AT: And job security isn’t something you are worried about at the moment, not having one.

AR: I had a really rewarding job and I think I did it well. The point of getting power is not to keep it, it’s to use it to improve the lives of the people you represent. I think sometimes folks forget that. I think they get so comfortable in these positions of power that they forget why they sought them in the first place. Or they get seduced by the special interests that bankroll their campaigns. People say, ’Oh, this senator seems to be setting in quite nicely.’

I think that’s part of the problem. I’m not running for office so that I can settle into Washington’s country club. I think somebody needs to stand up and take on some of these entrenched interests, whatever the costs to your own career.
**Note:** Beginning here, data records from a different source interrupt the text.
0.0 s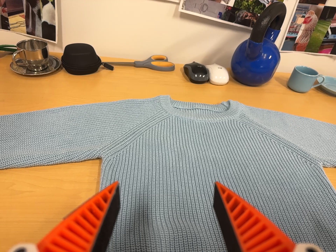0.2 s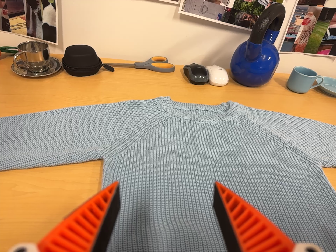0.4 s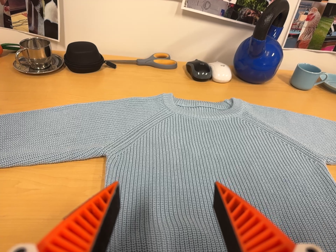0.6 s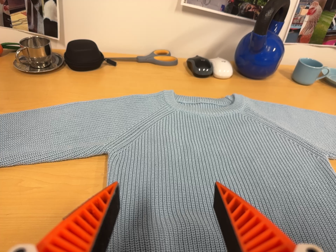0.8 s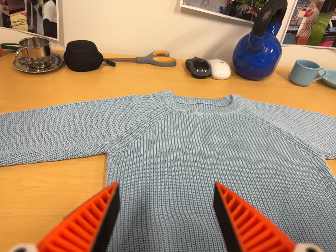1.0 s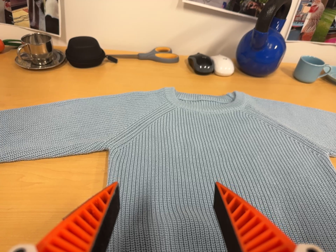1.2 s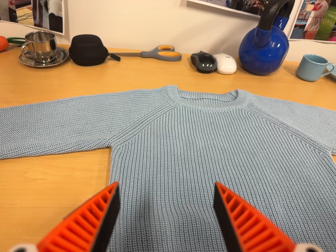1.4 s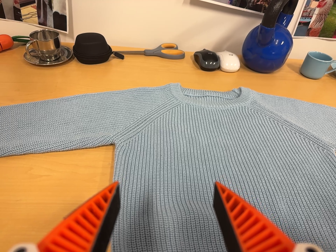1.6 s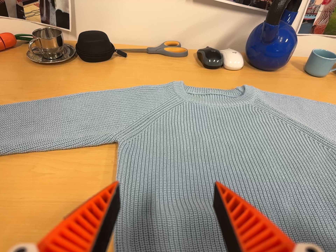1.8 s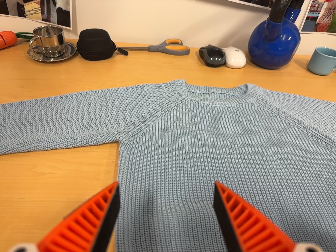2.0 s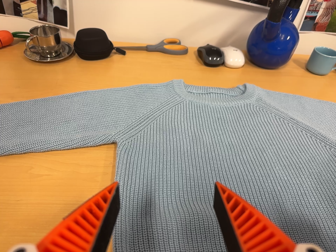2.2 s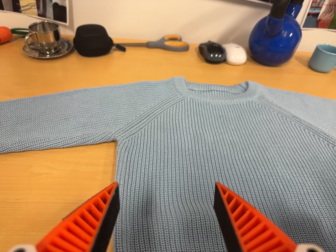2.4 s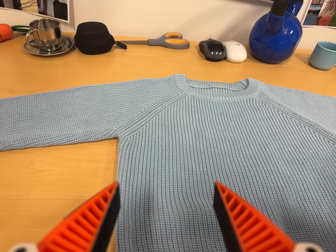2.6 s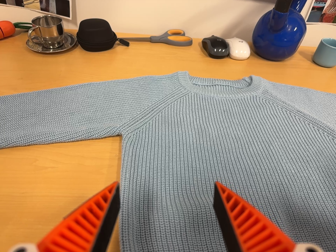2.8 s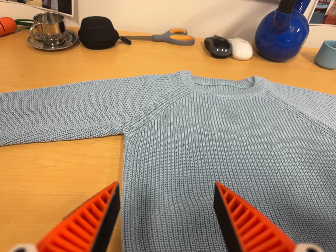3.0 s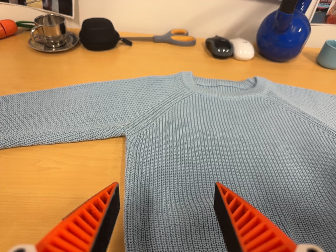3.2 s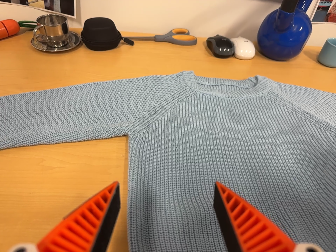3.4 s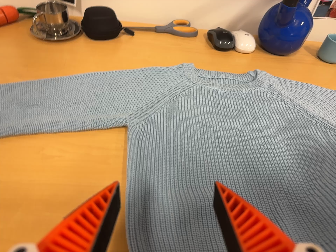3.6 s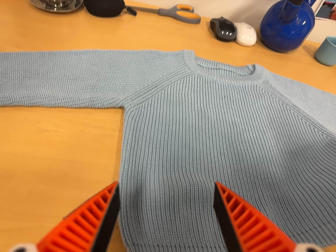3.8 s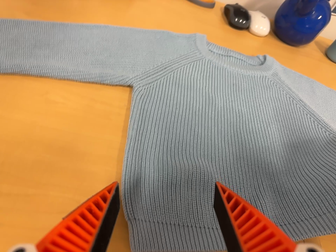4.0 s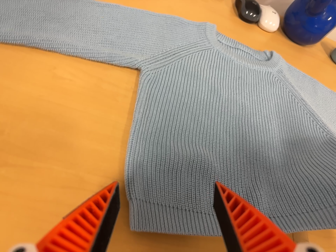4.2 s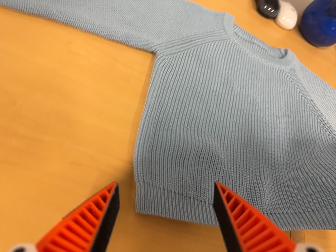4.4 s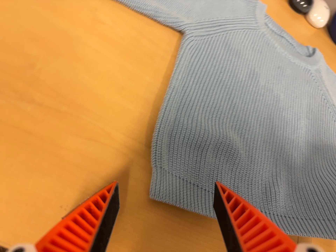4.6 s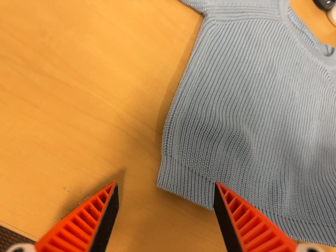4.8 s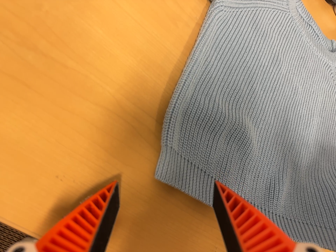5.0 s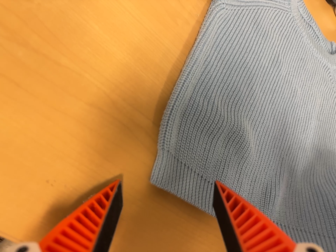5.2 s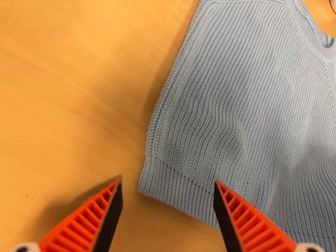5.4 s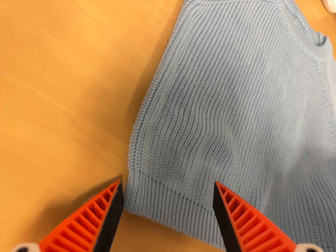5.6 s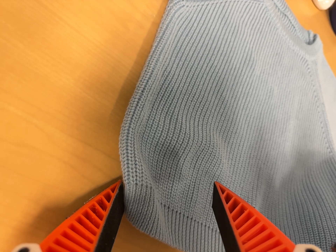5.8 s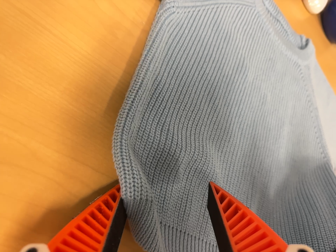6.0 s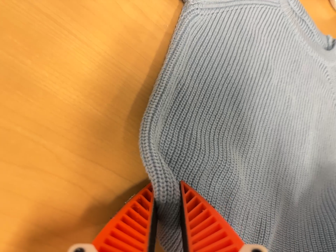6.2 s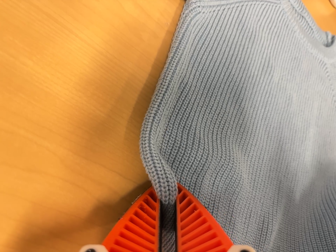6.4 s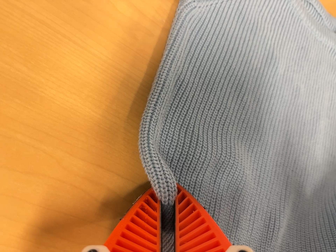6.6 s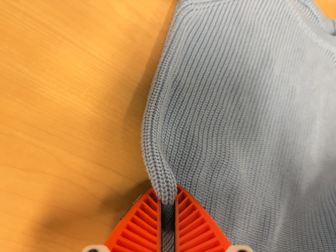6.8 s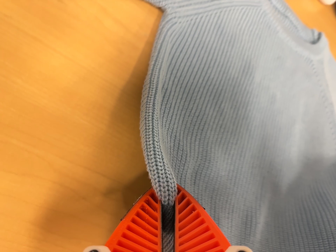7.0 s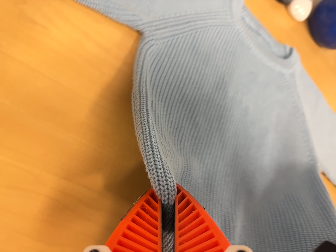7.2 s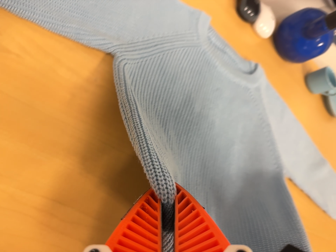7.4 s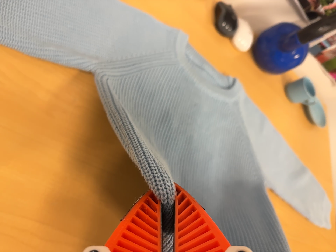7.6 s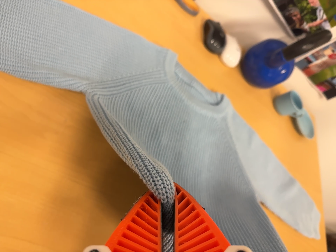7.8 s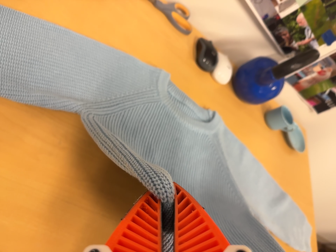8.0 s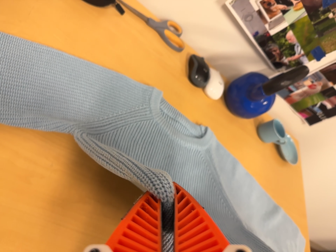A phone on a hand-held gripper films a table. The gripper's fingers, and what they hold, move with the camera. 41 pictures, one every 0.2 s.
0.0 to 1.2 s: The camera keeps its place and its aim.
1.2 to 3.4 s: The camera shifts only a little, or ends up much as it began.
3.4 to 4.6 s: The camera travels to its left, about 10 cm. Its aim tips toward the bottom of its view by about 20 degrees, and the scene shifts upward. It rolls about its line of sight by about 35 degrees, and the scene rotates clockwise.
4.6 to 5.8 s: The camera travels forward and toward the top of its view, about 10 cm, so what stands in front looms larger.
5.8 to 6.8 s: The camera shifts only a little, or ends up much as it began.
6.8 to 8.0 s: The camera travels toward the top of its view, backward and to its right, about 16 cm, so close, fixed things drift downward. Its aim tips toward the top of its view by about 10 degrees, and the scene shifts downward.
The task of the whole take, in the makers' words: fold up.
The film runs forward here.
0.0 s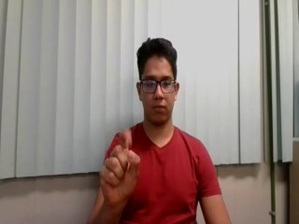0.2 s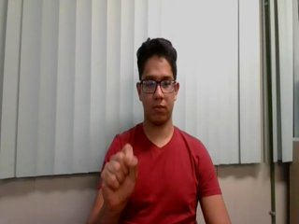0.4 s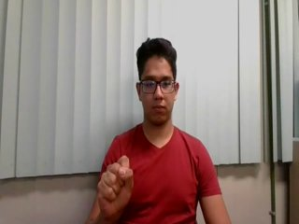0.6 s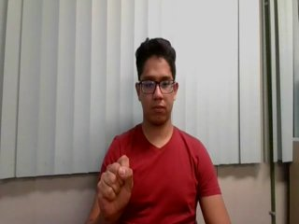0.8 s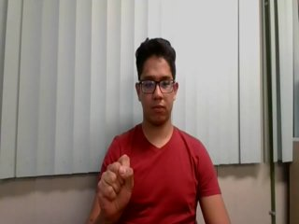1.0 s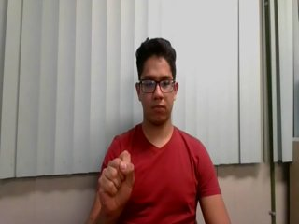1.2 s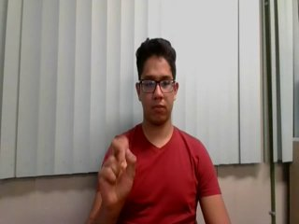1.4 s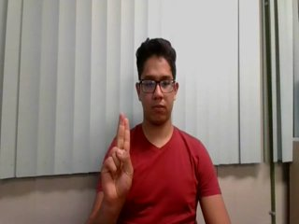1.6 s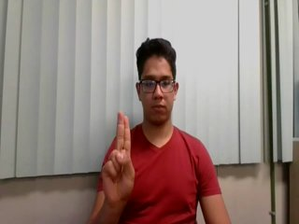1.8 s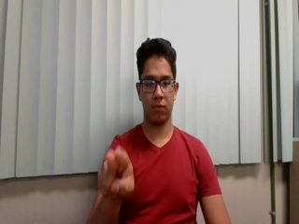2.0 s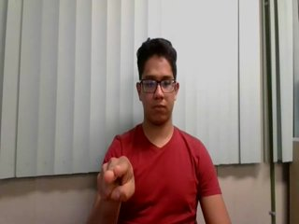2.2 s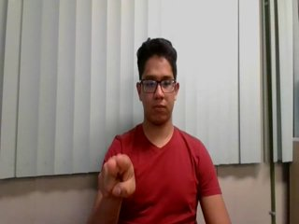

AT: But some folks would say this run is also costing your party.

AR: I don’t buy that argument at all, and I’ll tell you why. One, I think an election by definition is the most democratic thing in the world. Literally. Small ‘d.’

The governor filled a vacancy, which is his right, but there’s a million registered Democrats who’ve had no say in who the Democratic nominee should be. There are a million Republicans who haven’t had a say in who their nominee should be. . .

I also think a primary can strengthen the party, and I think it did in 2008. I think the president emerged stronger from that contest. I think a lot of people got engaged who otherwise may have sat it out.

The test depends on what kind of primary you run. I’ve taken pains to distinguish my candidacy without disparaging my opponent. I’m disappointed that the other team has chosen not to follow suit by characterizing me, prematurely I think, as a career politician. But I suppose if that’s the worst they can say about me, it’s not the end of the world.

I know this is the attitude of the Washington political culture: you circle the wagons, you protect incumbents, support everybody who is in office and avoid a primary at all cost. I think that may be good for Washington but it’s a pretty raw deal for the rest of us. I’m not entitled to serve in the U.S. Senate. I don’t think anybody is. This is a job that you actually have to earn and that’s what I intend to do.